Reputation: 2251
My string is Niệm Bồ Tát (Thiá»n sÆ° Nhất Hạnh)
and I want to decode it to Niệm Bồ Tát (Thiền sư Nhất Hạnh)
. I see in that site can do that http://www.enderminh.com/minh/utf8-to-unicode-converter.aspx
and I start to try by Python
mystr = '09. Bát Nhã Tâm Kinh'
mystr.decode('utf-8')
but actually it is not correct because original string is utf-8 but the string show is not my expecting result.
Note: it is Vietnamese character.
How to resolve that case? Is that Windows Unicode or something? How to detect the encoding here.
Upvotes: 16
Views: 36632
Reputation: 68
The correct method in python 3.9.6 is:
"string".encode('utf-8').decode('latin-1')
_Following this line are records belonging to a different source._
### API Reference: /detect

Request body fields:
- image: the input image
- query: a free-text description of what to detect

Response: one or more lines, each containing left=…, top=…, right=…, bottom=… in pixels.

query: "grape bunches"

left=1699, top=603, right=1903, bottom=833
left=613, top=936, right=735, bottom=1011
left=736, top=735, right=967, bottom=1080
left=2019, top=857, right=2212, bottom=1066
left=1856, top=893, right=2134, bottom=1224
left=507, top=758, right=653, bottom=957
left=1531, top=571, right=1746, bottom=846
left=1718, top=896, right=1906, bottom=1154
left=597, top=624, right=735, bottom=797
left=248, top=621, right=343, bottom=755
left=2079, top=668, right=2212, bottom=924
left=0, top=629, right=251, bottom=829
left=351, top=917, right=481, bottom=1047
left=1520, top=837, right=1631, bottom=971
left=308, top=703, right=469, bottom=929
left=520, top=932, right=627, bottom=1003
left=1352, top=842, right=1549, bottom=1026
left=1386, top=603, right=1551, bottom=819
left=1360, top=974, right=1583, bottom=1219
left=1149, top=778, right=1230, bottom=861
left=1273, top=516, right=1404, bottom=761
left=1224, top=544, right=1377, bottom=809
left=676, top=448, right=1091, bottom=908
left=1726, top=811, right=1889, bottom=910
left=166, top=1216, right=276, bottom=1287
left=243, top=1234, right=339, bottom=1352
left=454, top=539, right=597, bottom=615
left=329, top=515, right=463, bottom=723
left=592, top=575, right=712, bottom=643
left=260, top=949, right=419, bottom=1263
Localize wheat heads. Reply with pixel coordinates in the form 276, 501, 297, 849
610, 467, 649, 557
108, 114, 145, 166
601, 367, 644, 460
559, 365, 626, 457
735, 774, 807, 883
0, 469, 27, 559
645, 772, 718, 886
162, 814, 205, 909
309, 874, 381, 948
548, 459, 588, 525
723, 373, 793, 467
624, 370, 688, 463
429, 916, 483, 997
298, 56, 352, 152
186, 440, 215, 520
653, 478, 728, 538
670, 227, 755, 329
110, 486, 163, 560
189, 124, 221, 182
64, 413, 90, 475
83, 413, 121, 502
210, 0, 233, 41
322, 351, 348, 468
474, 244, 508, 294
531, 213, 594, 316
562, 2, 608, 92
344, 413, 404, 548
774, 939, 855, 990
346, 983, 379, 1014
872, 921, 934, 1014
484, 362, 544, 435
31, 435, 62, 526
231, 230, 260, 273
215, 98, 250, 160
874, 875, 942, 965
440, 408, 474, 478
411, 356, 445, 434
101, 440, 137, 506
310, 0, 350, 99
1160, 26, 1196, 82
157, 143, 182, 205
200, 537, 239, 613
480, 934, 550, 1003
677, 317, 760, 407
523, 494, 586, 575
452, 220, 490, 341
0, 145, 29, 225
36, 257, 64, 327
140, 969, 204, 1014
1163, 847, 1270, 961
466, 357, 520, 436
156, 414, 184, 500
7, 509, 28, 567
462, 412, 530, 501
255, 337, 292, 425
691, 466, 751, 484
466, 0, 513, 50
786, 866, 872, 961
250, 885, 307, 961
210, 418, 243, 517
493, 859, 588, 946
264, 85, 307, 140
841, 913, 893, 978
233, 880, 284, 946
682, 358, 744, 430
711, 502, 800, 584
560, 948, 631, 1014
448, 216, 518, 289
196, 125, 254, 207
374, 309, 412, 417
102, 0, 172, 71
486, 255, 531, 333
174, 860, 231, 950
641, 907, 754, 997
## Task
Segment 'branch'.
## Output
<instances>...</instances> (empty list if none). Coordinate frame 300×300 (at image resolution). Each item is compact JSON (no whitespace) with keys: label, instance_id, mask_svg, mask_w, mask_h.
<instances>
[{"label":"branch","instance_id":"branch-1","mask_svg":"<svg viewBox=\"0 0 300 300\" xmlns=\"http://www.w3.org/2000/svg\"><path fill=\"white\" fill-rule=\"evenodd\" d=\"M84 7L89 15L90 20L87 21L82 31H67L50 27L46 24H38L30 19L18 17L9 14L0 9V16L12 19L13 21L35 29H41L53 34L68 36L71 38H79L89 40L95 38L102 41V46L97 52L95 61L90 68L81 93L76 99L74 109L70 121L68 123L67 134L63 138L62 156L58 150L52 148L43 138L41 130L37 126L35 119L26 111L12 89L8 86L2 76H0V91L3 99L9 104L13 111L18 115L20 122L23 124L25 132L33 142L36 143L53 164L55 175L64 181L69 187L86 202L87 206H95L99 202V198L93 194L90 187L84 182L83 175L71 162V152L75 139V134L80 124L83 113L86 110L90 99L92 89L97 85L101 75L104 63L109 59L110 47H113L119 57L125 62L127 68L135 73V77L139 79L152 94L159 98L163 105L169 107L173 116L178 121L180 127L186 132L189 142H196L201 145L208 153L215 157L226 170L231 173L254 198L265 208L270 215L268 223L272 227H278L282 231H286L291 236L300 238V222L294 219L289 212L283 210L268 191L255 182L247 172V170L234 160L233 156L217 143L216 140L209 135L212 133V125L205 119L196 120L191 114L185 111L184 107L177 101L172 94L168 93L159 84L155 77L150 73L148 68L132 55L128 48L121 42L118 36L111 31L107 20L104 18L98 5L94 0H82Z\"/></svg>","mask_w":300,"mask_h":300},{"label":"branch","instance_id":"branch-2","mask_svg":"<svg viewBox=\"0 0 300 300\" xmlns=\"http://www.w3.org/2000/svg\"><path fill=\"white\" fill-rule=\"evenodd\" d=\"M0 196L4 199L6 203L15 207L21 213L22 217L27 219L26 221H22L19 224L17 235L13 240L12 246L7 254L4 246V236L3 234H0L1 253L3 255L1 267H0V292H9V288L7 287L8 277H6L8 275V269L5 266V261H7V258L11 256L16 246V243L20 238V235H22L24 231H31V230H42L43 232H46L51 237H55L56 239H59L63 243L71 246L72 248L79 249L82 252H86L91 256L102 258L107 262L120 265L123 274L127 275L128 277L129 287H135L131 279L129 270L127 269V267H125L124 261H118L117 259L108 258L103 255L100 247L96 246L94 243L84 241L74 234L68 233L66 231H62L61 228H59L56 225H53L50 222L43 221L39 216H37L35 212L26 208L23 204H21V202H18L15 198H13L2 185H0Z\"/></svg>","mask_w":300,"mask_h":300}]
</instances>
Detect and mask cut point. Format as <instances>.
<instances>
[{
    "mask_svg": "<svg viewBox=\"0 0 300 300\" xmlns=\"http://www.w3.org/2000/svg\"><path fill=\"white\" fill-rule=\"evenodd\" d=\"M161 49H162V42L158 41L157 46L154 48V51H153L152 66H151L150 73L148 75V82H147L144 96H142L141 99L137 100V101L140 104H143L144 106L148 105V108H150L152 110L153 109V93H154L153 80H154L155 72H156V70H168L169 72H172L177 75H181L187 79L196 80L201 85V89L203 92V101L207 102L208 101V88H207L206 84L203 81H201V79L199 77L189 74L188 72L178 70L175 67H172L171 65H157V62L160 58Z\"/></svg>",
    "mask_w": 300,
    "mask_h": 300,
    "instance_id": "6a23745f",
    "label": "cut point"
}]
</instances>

"string".encode('latin1').decode('utf8')
So, you can use:
'09. Bát Nhã Tâm Kinh'.encode('latin1').decode('utf8')
and the output is:
>>> '09. Bát Nhã Tâm Kinh'.encode('latin1').decode('utf8')
'09. Bát Nhã Tâm Kinh'
Upvotes: 0
Reputation: 1003
I'm not sure what you can do with these kind of data, but for your example in your original post, this works (Python 3.x):
>>> mystr = '09. Bát Nhã Tâm Kinh'
>>> s = mystr.encode('latin1').decode('utf8')
>>> s
'09. Bát Nhã Tâm Kinh'
>>> print(s)
09. Bát Nhã Tâm Kinh
Upvotes: 19
Reputation:
Try:
str.encode('ascii', 'ignore').decode('utf-8')
You're encoding the string in ASCII format / ignoring the errors and decoding in UTF-8. This may remove the accents, but it's one approach.
Upvotes: 4
Reputation: 11185
The only thing that helped me with broken cyrillic string - https://github.com/LuminosoInsight/python-ftfy
This module fixes pretty much everything and works much better than online decoders.
>>> from ftfy import fix_encoding
>>> mystr = '09. Bát Nhã Tâm Kinh'
>>> fix_encoding(mystr)
'09. Bát Nhã Tâm Kinh'
It can be easily installed using pip install ftfy
Upvotes: 35